[Dataset items]
-*-

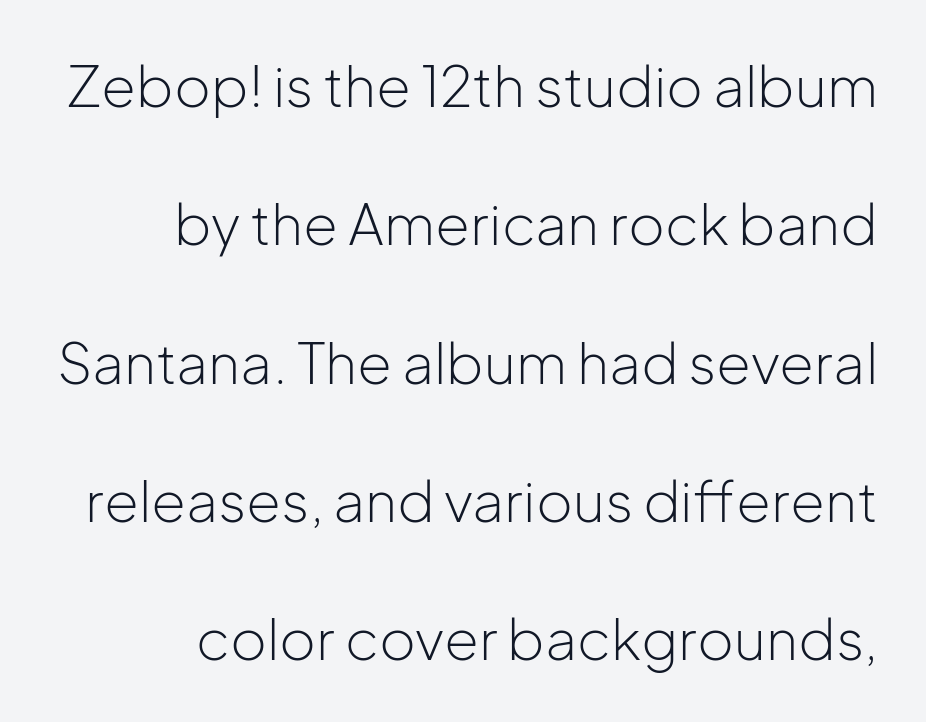
The image shows 56 px light sans-serif type, upright; set right-aligned, loose line spacing (2.47x), normal letter spacing, not underlined; low stroke contrast and a medium x-height.
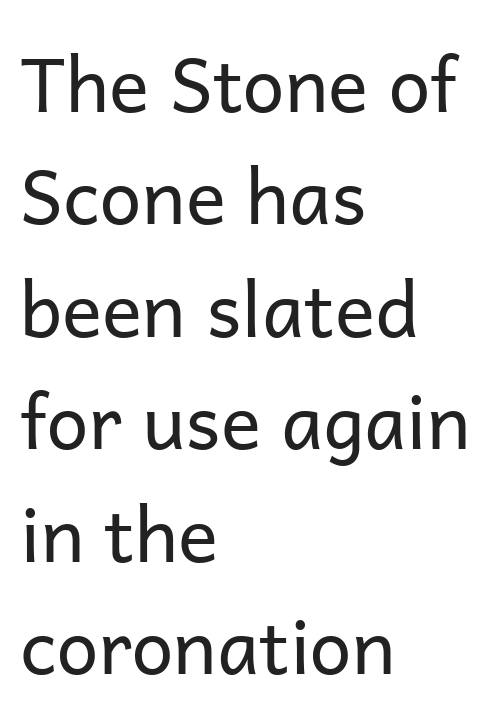
Q: Is the text bold? A: No.
Q: Is the text italic (slanted)? A: No, it is upright.
Q: Is the typeface a serif or a sans-serif typeface? A: Sans-serif.
Q: Is the text underlined? A: No.
Q: How is the paragraph aligned? A: Left-aligned.
Q: Is the spacing between letters normal or unusually wide? A: Normal.
Q: Is the spacing between lines tight, normal or loose? A: Normal.
Q: Width (condensed, normal, or wide)? A: Normal.
Q: Stroke contrast? A: Low.
Q: x-height? A: Medium.
Q: Monospaced? A: No.
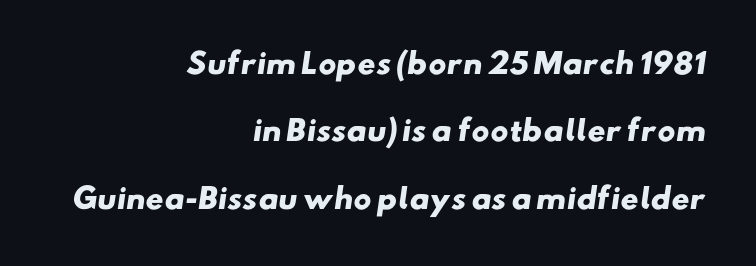
{"serif": "no", "bold": "yes", "weight": "heavy", "width": "wide", "stroke_contrast": "low", "x_height": "small", "monospaced": "no", "underline": "no", "align": "right", "line_spacing": "loose", "line_spacing_ratio": 2.41, "letter_spacing": "normal", "letter_spacing_em": 0.0, "glyph_px": 28}
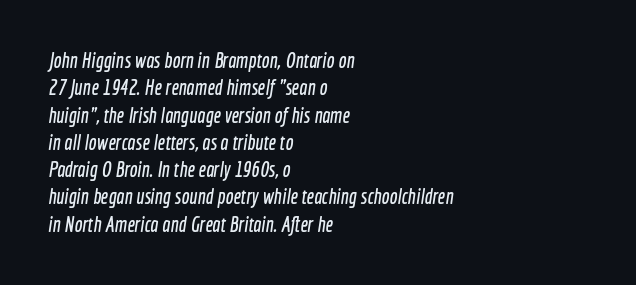
The image shows 21 px text type; set left-aligned, normal line spacing (1.3x), normal letter spacing, not underlined.
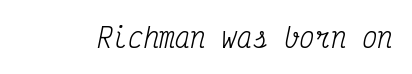
Caption: standard tracking, unaltered. Italic: yes, the glyphs are oblique. Ink coverage per letter is moderate at most. No word sits above an underline.
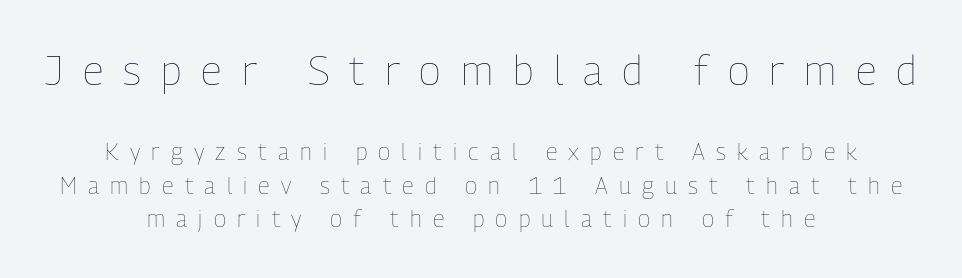
Q: Is the text bold? A: No.
Q: Is the text italic (slanted)? A: No, it is upright.
Q: Is the text underlined? A: No.
Q: How is the paragraph aligned? A: Centered.
Q: Is the spacing between letters normal or unusually wide? A: Unusually wide.
Q: Is the spacing between lines tight, normal or loose? A: Normal.
Q: Which block of text is set in a larger size, the first (top) or the second (bottom)? A: The first (top) one.
Q: Width (condensed, normal, or wide)? A: Condensed.
Q: Stroke contrast? A: Low.
Q: x-height? A: Medium.
Q: Monospaced? A: No.
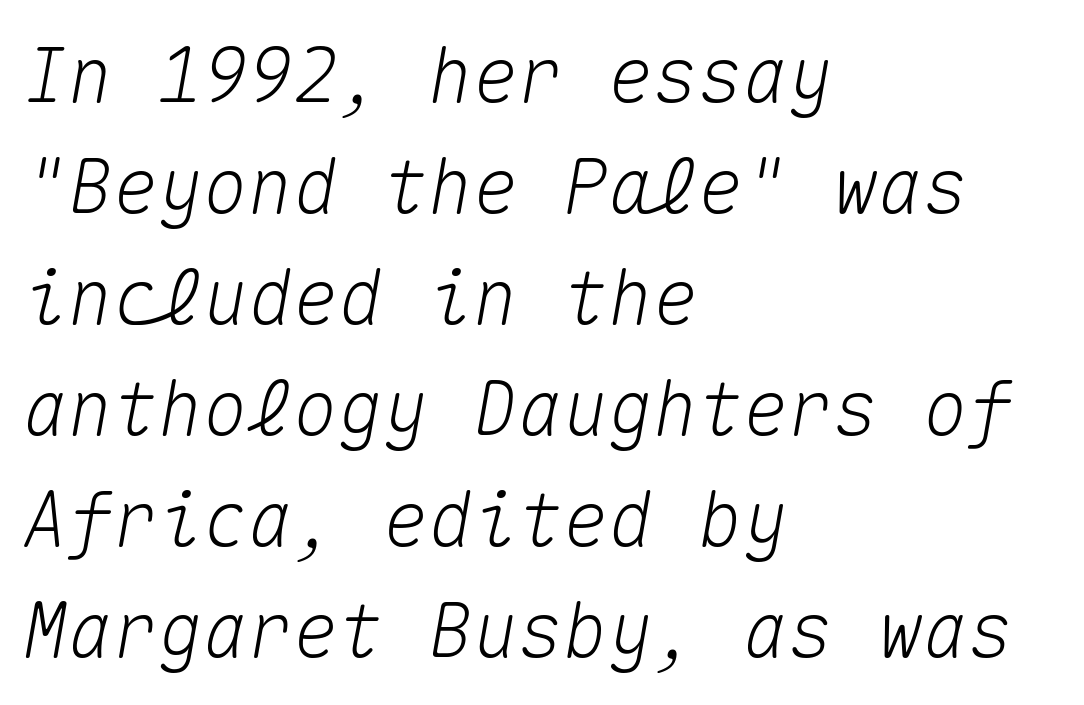
The axis of the letterforms is tilted away from vertical. Is the letter spacing exaggerated? No — it looks like the ordinary default. Descenders are the only things crossing below the line. Students, observe: this is what conventionally led text looks like. The face used here is monospaced, like something from a code editor.
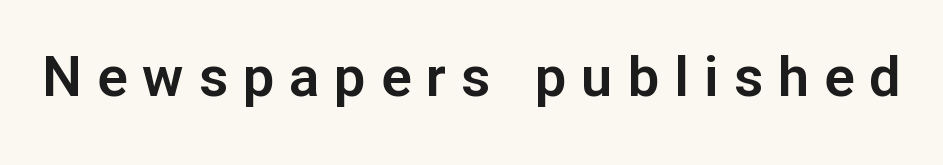
These lines are rendered in a variable-pitch font. No italicization has been applied; the sample stays upright. Unlike a traditional serif, this face leaves its strokes unadorned. The words here are not underlined.
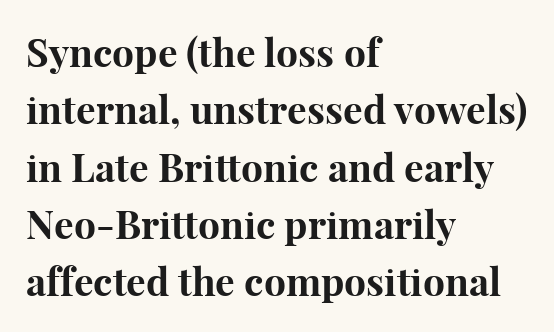
{"serif": "yes", "italic": "no", "bold": "yes", "weight": "bold", "width": "normal", "stroke_contrast": "high", "x_height": "medium", "monospaced": "no", "underline": "no", "align": "left", "line_spacing": "normal", "line_spacing_ratio": 1.47, "letter_spacing": "normal", "letter_spacing_em": 0.0, "glyph_px": 39}
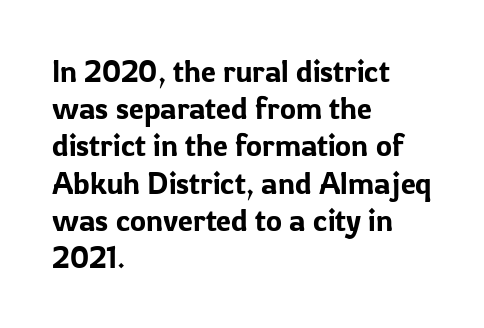
Q: Is the text italic (slanted)? A: No, it is upright.
Q: Is the typeface a serif or a sans-serif typeface? A: Sans-serif.
Q: Is the text underlined? A: No.
Q: How is the paragraph aligned? A: Left-aligned.
Q: Is the spacing between letters normal or unusually wide? A: Normal.
Q: Width (condensed, normal, or wide)? A: Normal.
Q: Stroke contrast? A: Low.
Q: x-height? A: Medium.
Q: Monospaced? A: No.
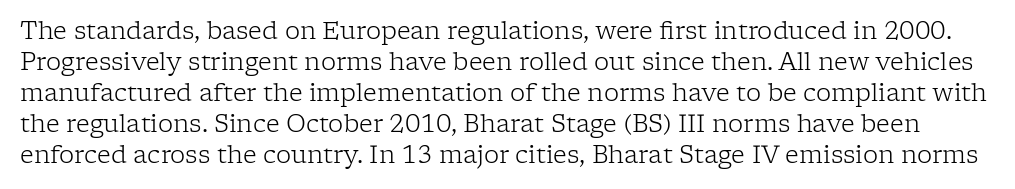
A bare baseline throughout the passage. This reads as an unemphasized weight, regular at the heaviest. It's the straight-up-and-down kind of type. The letterforms sit shoulder to shoulder at normal distance.
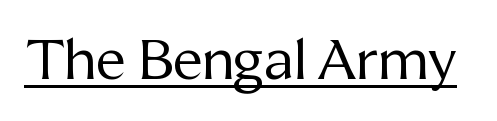
{"serif": "yes", "italic": "no", "bold": "no", "weight": "regular", "width": "normal", "stroke_contrast": "medium", "x_height": "medium", "monospaced": "no", "underline": "yes", "letter_spacing": "normal", "letter_spacing_em": 0.0, "glyph_px": 55}
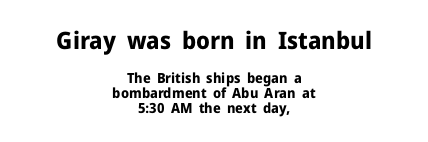
{"italic": "no", "bold": "yes", "underline": "no", "align": "center", "line_spacing": "tight", "line_spacing_ratio": 1.08, "letter_spacing": "normal", "letter_spacing_em": 0.0, "larger_block": "first", "size_ratio": 1.71, "glyph_px": 24}
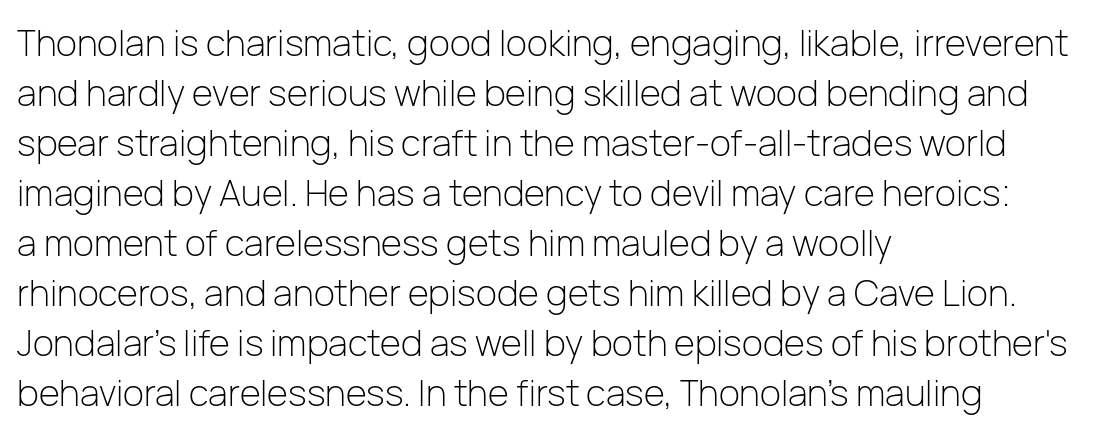
If you drew a ruler down the left edge, every line would touch it. The strip under each line holds only bare page. It's the straight-up-and-down kind of type. How are the letters spaced? Ordinarily, with no added tracking. Look at the bottom of the vertical strokes: they stop flat, with no serifs.
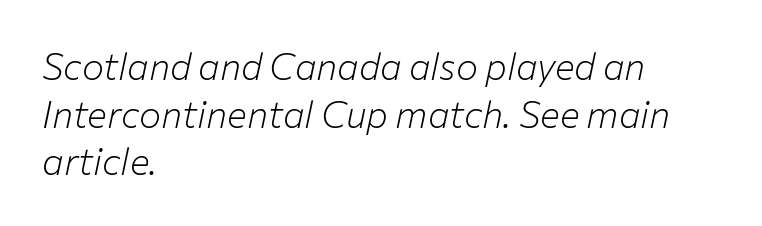
{"italic": "yes", "lean": "right", "slant_degrees": 12, "bold": "no", "weight": "light", "width": "normal", "stroke_contrast": "low", "x_height": "medium", "monospaced": "no", "underline": "no", "align": "left", "line_spacing": "normal", "line_spacing_ratio": 1.29, "letter_spacing": "normal", "letter_spacing_em": 0.0, "glyph_px": 37}
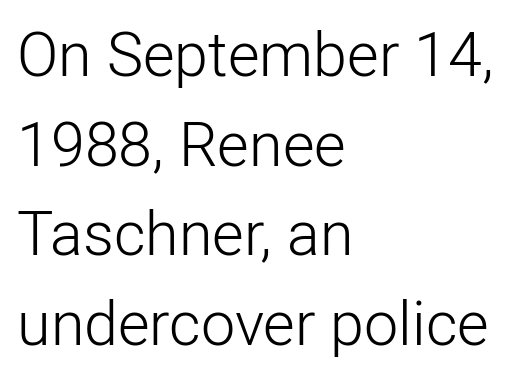
Q: Is the text bold? A: No.
Q: Is the text italic (slanted)? A: No, it is upright.
Q: Is the typeface a serif or a sans-serif typeface? A: Sans-serif.
Q: Is the text underlined? A: No.
Q: How is the paragraph aligned? A: Left-aligned.
Q: Is the spacing between letters normal or unusually wide? A: Normal.
Q: Is the spacing between lines tight, normal or loose? A: Normal.
Q: Width (condensed, normal, or wide)? A: Normal.
Q: Stroke contrast? A: Low.
Q: x-height? A: Medium.
Q: Monospaced? A: No.
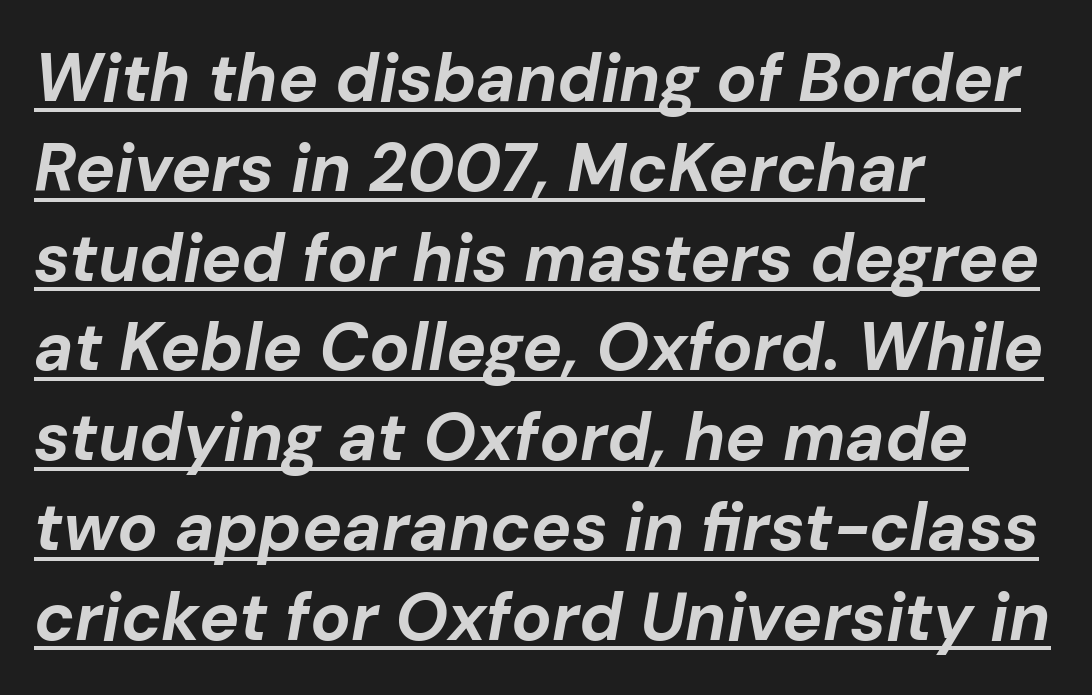
Q: Is the text bold? A: Yes.
Q: Is the text italic (slanted)? A: Yes, it leans right by about 10 degrees.
Q: Is the text underlined? A: Yes.
Q: How is the paragraph aligned? A: Left-aligned.
Q: Is the spacing between letters normal or unusually wide? A: Normal.
Q: Is the spacing between lines tight, normal or loose? A: Normal.
Q: Width (condensed, normal, or wide)? A: Normal.
Q: Stroke contrast? A: Low.
Q: x-height? A: Medium.
Q: Monospaced? A: No.

-*-

Should there be pictures in the data, leave them out and return the rest exactly.

The image shows 56 px light sans-serif type, upright; set right-aligned, loose line spacing (2.47x), normal letter spacing, not underlined; low stroke contrast and a medium x-height.
Q: Is the text bold? A: No.
Q: Is the text italic (slanted)? A: No, it is upright.
Q: Is the typeface a serif or a sans-serif typeface? A: Sans-serif.
Q: Is the text underlined? A: No.
Q: How is the paragraph aligned? A: Left-aligned.
Q: Is the spacing between letters normal or unusually wide? A: Normal.
Q: Is the spacing between lines tight, normal or loose? A: Normal.
Q: Width (condensed, normal, or wide)? A: Normal.
Q: Stroke contrast? A: Low.
Q: x-height? A: Medium.
Q: Monospaced? A: No.
{"serif": "no", "bold": "yes", "weight": "heavy", "width": "wide", "stroke_contrast": "low", "x_height": "small", "monospaced": "no", "underline": "no", "align": "right", "line_spacing": "loose", "line_spacing_ratio": 2.41, "letter_spacing": "normal", "letter_spacing_em": 0.0, "glyph_px": 28}
The image shows 21 px text type; set left-aligned, normal line spacing (1.3x), normal letter spacing, not underlined.
Caption: standard tracking, unaltered. Italic: yes, the glyphs are oblique. Ink coverage per letter is moderate at most. No word sits above an underline.
Q: Is the text bold? A: No.
Q: Is the text italic (slanted)? A: No, it is upright.
Q: Is the text underlined? A: No.
Q: How is the paragraph aligned? A: Centered.
Q: Is the spacing between letters normal or unusually wide? A: Unusually wide.
Q: Is the spacing between lines tight, normal or loose? A: Normal.
Q: Which block of text is set in a larger size, the first (top) or the second (bottom)? A: The first (top) one.
Q: Width (condensed, normal, or wide)? A: Condensed.
Q: Stroke contrast? A: Low.
Q: x-height? A: Medium.
Q: Monospaced? A: No.
The axis of the letterforms is tilted away from vertical. Is the letter spacing exaggerated? No — it looks like the ordinary default. Descenders are the only things crossing below the line. Students, observe: this is what conventionally led text looks like. The face used here is monospaced, like something from a code editor.
These lines are rendered in a variable-pitch font. No italicization has been applied; the sample stays upright. Unlike a traditional serif, this face leaves its strokes unadorned. The words here are not underlined.
{"serif": "yes", "italic": "no", "bold": "yes", "weight": "bold", "width": "normal", "stroke_contrast": "high", "x_height": "medium", "monospaced": "no", "underline": "no", "align": "left", "line_spacing": "normal", "line_spacing_ratio": 1.47, "letter_spacing": "normal", "letter_spacing_em": 0.0, "glyph_px": 39}
Q: Is the text italic (slanted)? A: No, it is upright.
Q: Is the typeface a serif or a sans-serif typeface? A: Sans-serif.
Q: Is the text underlined? A: No.
Q: How is the paragraph aligned? A: Left-aligned.
Q: Is the spacing between letters normal or unusually wide? A: Normal.
Q: Width (condensed, normal, or wide)? A: Normal.
Q: Stroke contrast? A: Low.
Q: x-height? A: Medium.
Q: Monospaced? A: No.
A bare baseline throughout the passage. This reads as an unemphasized weight, regular at the heaviest. It's the straight-up-and-down kind of type. The letterforms sit shoulder to shoulder at normal distance.
{"serif": "yes", "italic": "no", "bold": "no", "weight": "regular", "width": "normal", "stroke_contrast": "medium", "x_height": "medium", "monospaced": "no", "underline": "yes", "letter_spacing": "normal", "letter_spacing_em": 0.0, "glyph_px": 55}
{"italic": "no", "bold": "yes", "underline": "no", "align": "center", "line_spacing": "tight", "line_spacing_ratio": 1.08, "letter_spacing": "normal", "letter_spacing_em": 0.0, "larger_block": "first", "size_ratio": 1.71, "glyph_px": 24}
If you drew a ruler down the left edge, every line would touch it. The strip under each line holds only bare page. It's the straight-up-and-down kind of type. How are the letters spaced? Ordinarily, with no added tracking. Look at the bottom of the vertical strokes: they stop flat, with no serifs.
{"italic": "yes", "lean": "right", "slant_degrees": 12, "bold": "no", "weight": "light", "width": "normal", "stroke_contrast": "low", "x_height": "medium", "monospaced": "no", "underline": "no", "align": "left", "line_spacing": "normal", "line_spacing_ratio": 1.29, "letter_spacing": "normal", "letter_spacing_em": 0.0, "glyph_px": 37}
Q: Is the text bold? A: No.
Q: Is the text italic (slanted)? A: No, it is upright.
Q: Is the typeface a serif or a sans-serif typeface? A: Sans-serif.
Q: Is the text underlined? A: No.
Q: How is the paragraph aligned? A: Left-aligned.
Q: Is the spacing between letters normal or unusually wide? A: Normal.
Q: Is the spacing between lines tight, normal or loose? A: Normal.
Q: Width (condensed, normal, or wide)? A: Normal.
Q: Stroke contrast? A: Low.
Q: x-height? A: Medium.
Q: Monospaced? A: No.
Q: Is the text bold? A: Yes.
Q: Is the text italic (slanted)? A: Yes, it leans right by about 10 degrees.
Q: Is the text underlined? A: Yes.
Q: How is the paragraph aligned? A: Left-aligned.
Q: Is the spacing between letters normal or unusually wide? A: Normal.
Q: Is the spacing between lines tight, normal or loose? A: Normal.
Q: Width (condensed, normal, or wide)? A: Normal.
Q: Stroke contrast? A: Low.
Q: x-height? A: Medium.
Q: Monospaced? A: No.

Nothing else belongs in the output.